▶ [Exercise details] From the listing, collect all lines containing the word "peak".

★ ★ ★ ★ ★

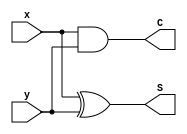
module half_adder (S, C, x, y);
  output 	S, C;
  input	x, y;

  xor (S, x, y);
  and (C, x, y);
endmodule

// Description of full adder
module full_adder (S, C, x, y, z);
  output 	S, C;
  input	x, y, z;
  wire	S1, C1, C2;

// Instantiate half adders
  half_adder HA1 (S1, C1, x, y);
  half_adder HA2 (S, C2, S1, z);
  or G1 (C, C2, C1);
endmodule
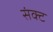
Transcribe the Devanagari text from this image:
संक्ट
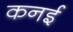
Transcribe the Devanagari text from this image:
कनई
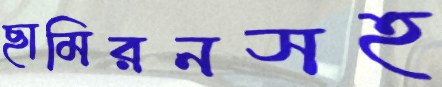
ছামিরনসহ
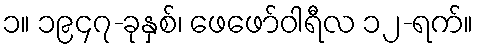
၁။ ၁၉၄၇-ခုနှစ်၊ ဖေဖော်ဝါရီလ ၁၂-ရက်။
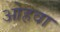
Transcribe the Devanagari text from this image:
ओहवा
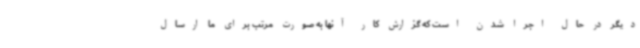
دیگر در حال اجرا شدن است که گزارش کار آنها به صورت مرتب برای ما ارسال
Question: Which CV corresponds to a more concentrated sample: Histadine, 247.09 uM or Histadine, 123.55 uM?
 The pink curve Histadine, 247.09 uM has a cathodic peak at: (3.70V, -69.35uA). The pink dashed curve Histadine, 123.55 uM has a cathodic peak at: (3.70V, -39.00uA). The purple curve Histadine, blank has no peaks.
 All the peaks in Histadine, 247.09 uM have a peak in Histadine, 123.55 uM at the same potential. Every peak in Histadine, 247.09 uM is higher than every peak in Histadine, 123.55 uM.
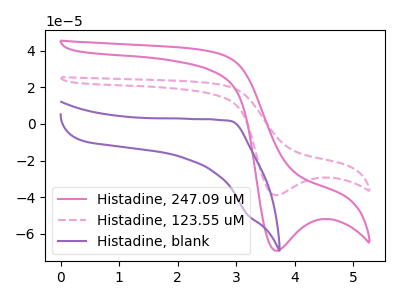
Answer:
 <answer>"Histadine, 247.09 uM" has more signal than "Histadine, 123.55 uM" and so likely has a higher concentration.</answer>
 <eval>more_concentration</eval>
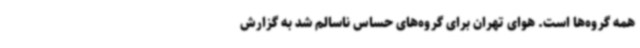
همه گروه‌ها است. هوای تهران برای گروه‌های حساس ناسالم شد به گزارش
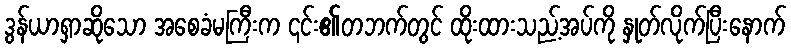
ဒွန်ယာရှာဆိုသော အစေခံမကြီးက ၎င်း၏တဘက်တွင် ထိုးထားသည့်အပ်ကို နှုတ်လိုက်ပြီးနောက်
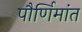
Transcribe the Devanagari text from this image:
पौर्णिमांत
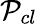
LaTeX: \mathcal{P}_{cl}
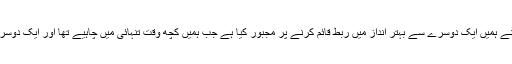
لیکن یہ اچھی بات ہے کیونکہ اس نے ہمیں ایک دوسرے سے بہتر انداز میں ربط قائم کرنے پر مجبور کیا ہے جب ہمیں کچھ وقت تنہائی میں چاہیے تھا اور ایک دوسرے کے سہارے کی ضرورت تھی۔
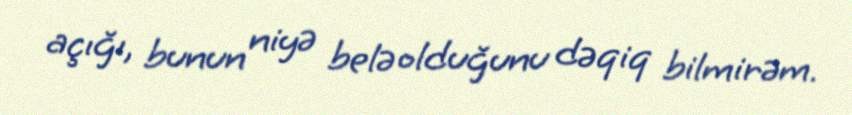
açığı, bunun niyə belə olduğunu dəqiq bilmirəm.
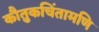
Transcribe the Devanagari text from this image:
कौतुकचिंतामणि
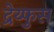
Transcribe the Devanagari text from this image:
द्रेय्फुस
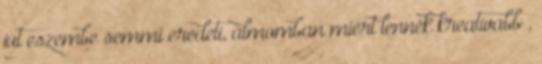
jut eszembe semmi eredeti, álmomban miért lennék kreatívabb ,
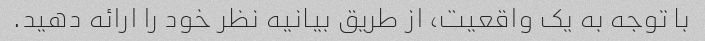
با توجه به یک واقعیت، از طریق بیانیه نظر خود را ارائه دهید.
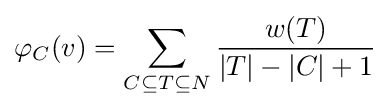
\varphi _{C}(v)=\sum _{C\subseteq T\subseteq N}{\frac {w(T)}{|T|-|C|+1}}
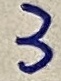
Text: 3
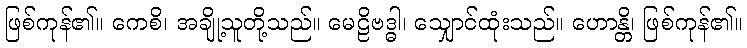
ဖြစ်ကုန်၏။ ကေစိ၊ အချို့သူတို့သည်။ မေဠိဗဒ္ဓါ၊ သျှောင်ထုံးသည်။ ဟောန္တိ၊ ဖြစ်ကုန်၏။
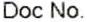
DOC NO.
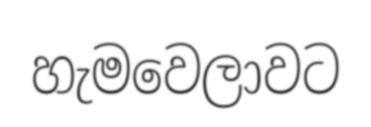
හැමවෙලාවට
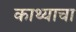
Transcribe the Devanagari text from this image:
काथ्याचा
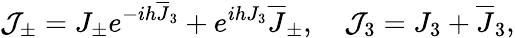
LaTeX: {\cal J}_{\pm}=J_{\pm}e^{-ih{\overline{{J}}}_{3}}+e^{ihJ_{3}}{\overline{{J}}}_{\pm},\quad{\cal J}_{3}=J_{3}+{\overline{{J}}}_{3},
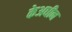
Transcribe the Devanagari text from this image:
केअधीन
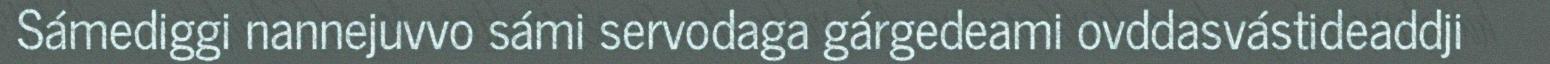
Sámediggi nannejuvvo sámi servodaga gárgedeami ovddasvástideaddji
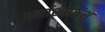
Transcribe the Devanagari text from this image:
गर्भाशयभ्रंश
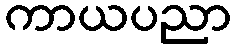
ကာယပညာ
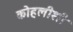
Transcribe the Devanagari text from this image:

★ ★ ★ ★ ★

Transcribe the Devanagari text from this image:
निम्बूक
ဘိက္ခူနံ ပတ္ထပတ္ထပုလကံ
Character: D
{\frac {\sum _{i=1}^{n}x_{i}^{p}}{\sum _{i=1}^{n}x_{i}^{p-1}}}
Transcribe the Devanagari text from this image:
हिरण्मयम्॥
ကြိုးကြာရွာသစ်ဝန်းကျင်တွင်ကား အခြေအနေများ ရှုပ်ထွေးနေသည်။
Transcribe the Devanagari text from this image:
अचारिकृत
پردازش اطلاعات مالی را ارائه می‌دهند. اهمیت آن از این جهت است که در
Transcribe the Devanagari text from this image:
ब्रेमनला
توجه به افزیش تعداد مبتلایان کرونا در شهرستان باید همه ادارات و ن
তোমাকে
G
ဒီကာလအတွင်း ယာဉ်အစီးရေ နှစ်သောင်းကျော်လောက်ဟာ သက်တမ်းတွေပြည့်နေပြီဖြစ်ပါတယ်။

★ ★ ★ ★ ★

▶ [Result of this task]
 The pink curve Histadine, 247.09 uM has a cathodic peak at: (3.70V, -69.35uA). The pink dashed curve Histadine, 123.55 uM has a cathodic peak at: (3.70V, -39.00uA). The purple curve Histadine, blank has no peaks.
 All the peaks in Histadine, 247.09 uM have a peak in Histadine, 123.55 uM at the same potential. Every peak in Histadine, 247.09 uM is higher than every peak in Histadine, 123.55 uM.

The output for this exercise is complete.